- _PROBLEM DETAILS_
Copy out the records in full, word for word, without pictures.

- _Records from a data collection_
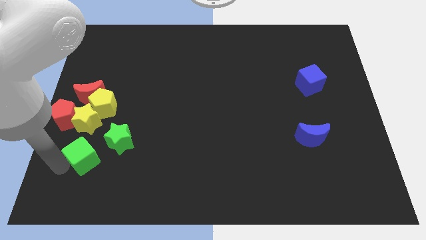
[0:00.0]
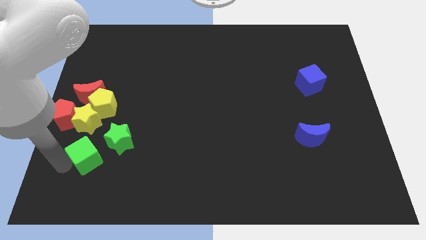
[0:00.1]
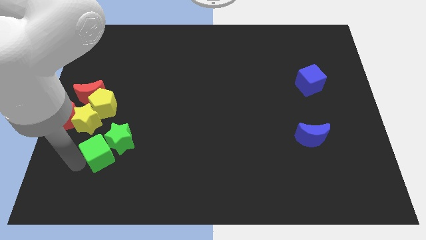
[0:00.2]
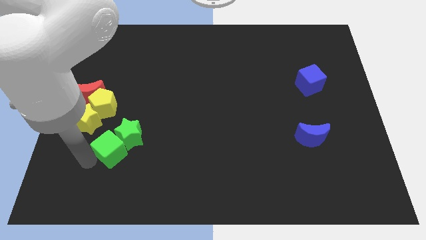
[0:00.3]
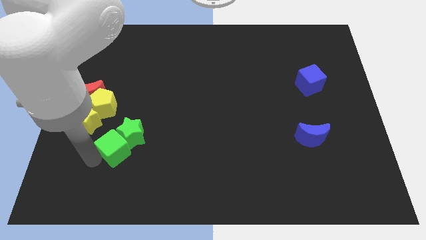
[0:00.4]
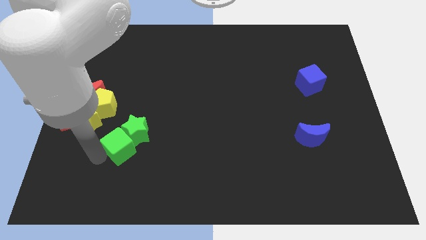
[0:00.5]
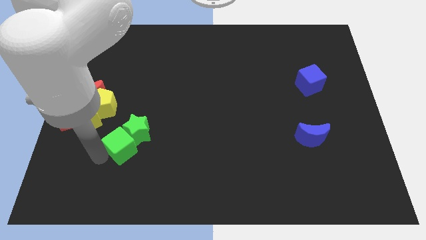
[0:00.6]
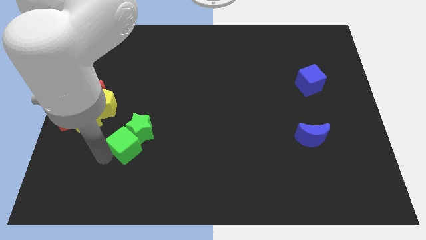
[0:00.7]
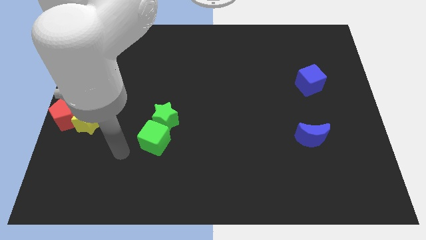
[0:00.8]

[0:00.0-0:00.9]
push the green cube into the green star

- _SOLUTION FOR THIS PROBLEM_
[0:00.0]
[0:00.1]
[0:00.2]
[0:00.3]
[0:00.4]
[0:00.5]
[0:00.6]
[0:00.7]
[0:00.8]

[0:00.0-0:00.9]
push the green cube into the green star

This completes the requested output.